I want to estimate the pose of a current image relative to a matched one in a database. The images are coming from a moving robot with reasonably accurate odometry so I can take two consecutive images that are both similar to the one in the database and have a good estimate of the relative pose between these two images. I want to use that information to estimate the 3D relationship between the matched keypoints in the two current images using triangulatePoints and then use solvePnPRansac to estimate the pose of the image in the database relative to the first current image using the keypoints that also match to it.

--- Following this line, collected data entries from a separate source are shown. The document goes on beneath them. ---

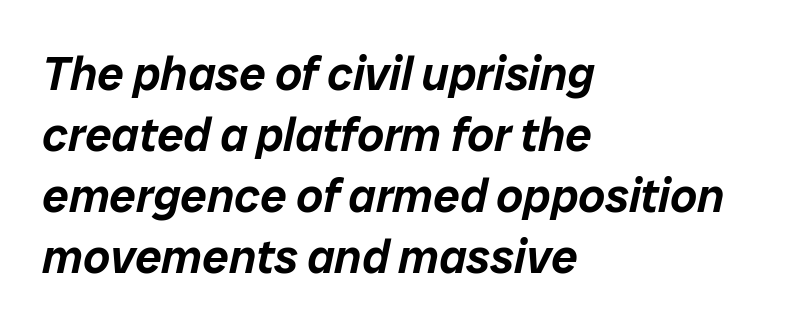
The lines in this sample share a left origin and differ only in where they stop. Look at the tracking — it's just the regular setting, nothing added. The rendering uses natural spacing where letterforms have individual widths. Descender tails drop into unmarked territory. Horizontal bands of white between lines are of average thickness.
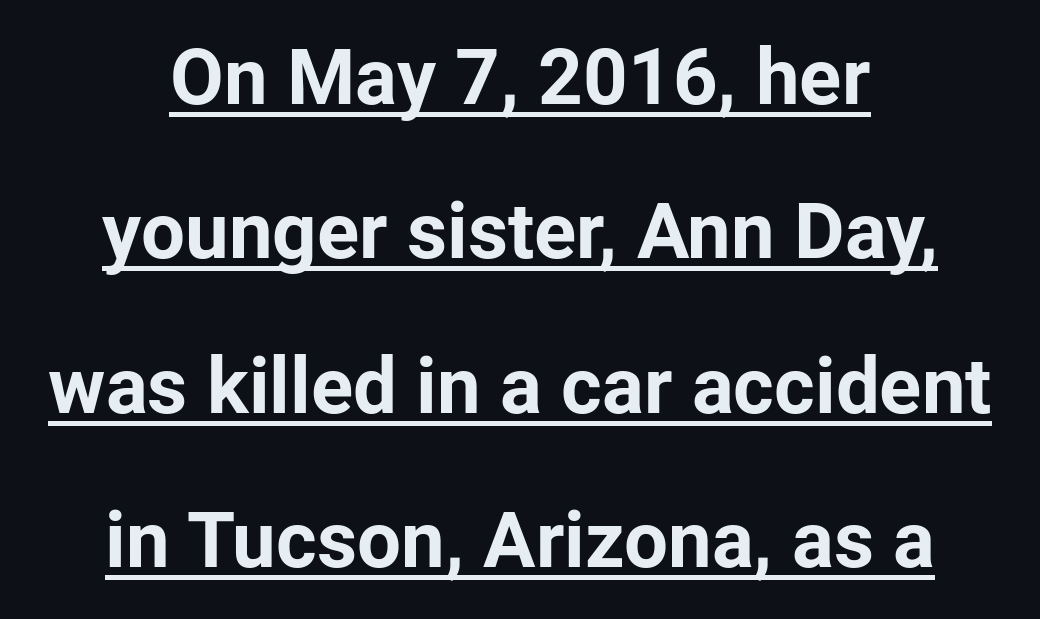
Q: Is the text bold? A: Yes.
Q: Is the text italic (slanted)? A: No, it is upright.
Q: Is the typeface a serif or a sans-serif typeface? A: Sans-serif.
Q: Is the text underlined? A: Yes.
Q: How is the paragraph aligned? A: Centered.
Q: Is the spacing between letters normal or unusually wide? A: Normal.
Q: Is the spacing between lines tight, normal or loose? A: Loose.
Q: Width (condensed, normal, or wide)? A: Normal.
Q: Stroke contrast? A: Low.
Q: x-height? A: Medium.
Q: Monospaced? A: No.
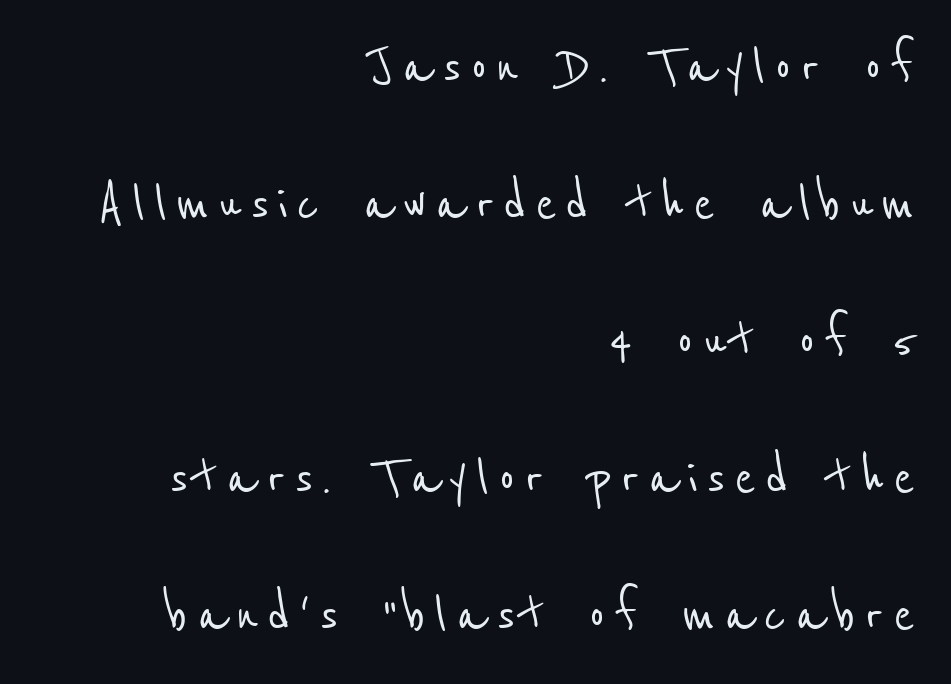
{"serif": "no", "width": "condensed", "stroke_contrast": "low", "x_height": "medium", "monospaced": "no", "underline": "no", "align": "right", "line_spacing": "loose", "line_spacing_ratio": 2.14, "glyph_px": 64}
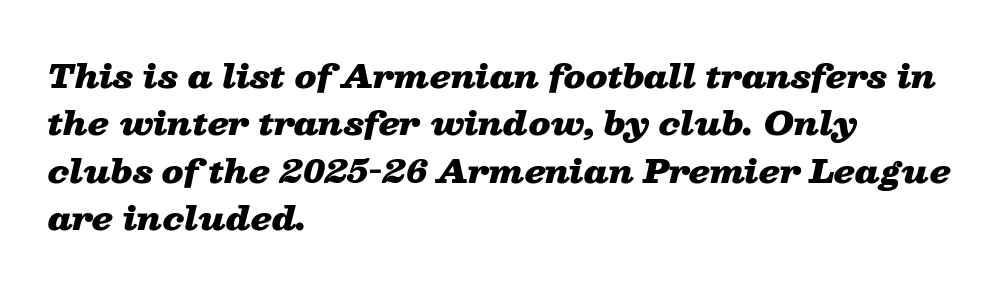
Each letter keeps its own natural width here, so spacing adapts to shape. The vertical gap from one line to the next is medium. Weight check: bold — yes, fully. Words appear dense and cohesive because spacing is normal.
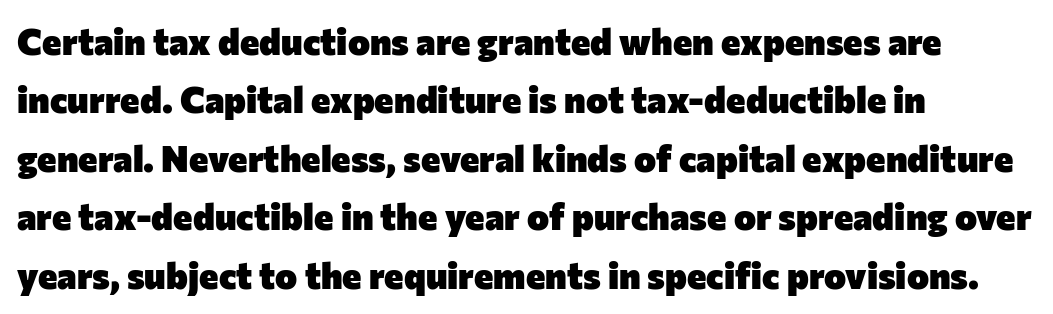
{"serif": "no", "italic": "no", "bold": "yes", "weight": "heavy", "width": "normal", "stroke_contrast": "low", "x_height": "medium", "monospaced": "no", "underline": "no", "align": "left", "line_spacing": "normal", "line_spacing_ratio": 1.58, "letter_spacing": "normal", "letter_spacing_em": 0.0, "glyph_px": 37}
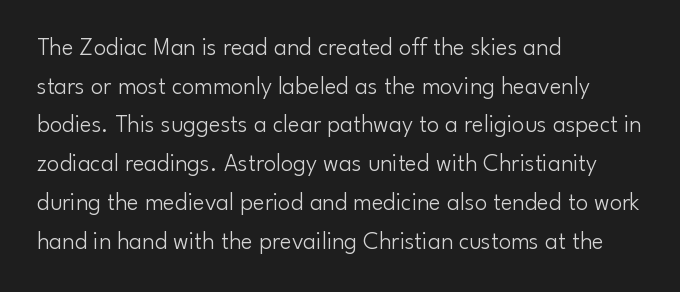
The image shows 25 px text type, upright; set left-aligned, normal line spacing (1.55x), normal letter spacing, not underlined.
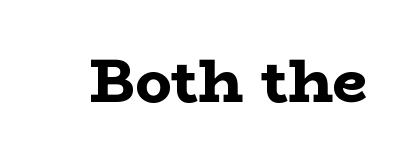
Note the varied advance widths — an 'i' is clearly narrower than an 'm'. This is roman type, the default non-slanted kind. The passage shown is emphatically bold. Spacing between characters is what you'd get straight out of the box. The specimen omits any rule beneath the text block's lines.

If have tried to implement this in OpenCV with Python as shown below. Currently I do not use the database image and am simply confirming if I can get the odometery that I enforced back, but unfortunately the current output is garbage (translation in the order of e+10).
import numpy as np
import cv2
# Fisheye camera and distortion matrices
K=np.array([[455.5000196386718, 0.0, 482.65324003911945], [0.0, 340.6409393462825, 254.5063795692748], [0.0, 0.0, 1.0]])
D=np.array([[-0.018682808343432777], [-0.044315351694893736], [0.047678551616171246], [-0.018283908577445218]])
orb = cv2.ORB_create(nfeatures=1000)
bf = cv2.BFMatcher(cv2.NORM_HAMMING, crossCheck=False)
img0 = cv2.imread("0cm.png")
img2 = cv2.imread("2cm.png")
# Find keypoints and match them up
kp0, des0 = orb.detectAndCompute(img0, None)
kp2, des2 = orb.detectAndCompute(img2, None)
matches = bf.knnMatch(des0, des2, k=2)
# Find good matches using the ratio test
ratio_thresh = 0.8
good_matches = []
for m,n in matches:
if m.distance < ratio_thresh * n.distance:
good_matches.append(m)
# Convert from keypoints to points
pts0 = np.float32([kp0[m.queryIdx].pt for m in good_matches]).reshape(-1, 1, 2)
pts2 = np.float32([kp2[m.trainIdx].pt for m in good_matches]).reshape(-1, 1, 2)
# Remove the fisheye distortion from the points
pts0 = cv2.fisheye.undistortPoints(pts0, K, D, P=K)
pts2 = cv2.fisheye.undistortPoints(pts2, K, D, P=K)
# Keep only the points that make geometric sense
# TODO: find a more efficient way to apply the mask
E, mask = cv2.findEssentialMat(pts0, pts2, K, cv2.RANSAC, 0.999, 1, None)
_, R, t, mask = cv2.recoverPose(E, pts0, pts2, cameraMatrix=K, mask=mask)
pts0_m = []
pts2_m = []
for i in range(len(mask)):
if mask[i] == 1:
pts0_m.append(pts0[i])
pts2_m.append(pts2[i])
pts0 = np.array(pts0_m).T.reshape(2, -1)
pts2 = np.array(pts2_m).T.reshape(2, -1)
# Setup the projection matrices
R = np.eye(3)
t0 = np.array([[0], [0], [0]])
t2 = np.array([[0], [0], [2]])
P0 = np.dot(K, np.concatenate((R, t0), axis=1))
P2 = np.dot(K, np.concatenate((R, t2), axis=1))
# Find the keypoint world homogeneous coordinates assuming img0 is the world origin
X = cv2.triangulatePoints(P0, P2, pts0, pts2)
# Convert from homogeneous cooridinates, TODO: find a more efficient way
X /= X[3]
objPts = X.T[:,:3]
# Find the pose of the second frame
_, rvec, tvec, inliers = cv2.solvePnPRansac(objPts, pts2.T, K, None)
print(rvec)
print(tvec)
Is there something wrong with my code or my approach (or both)?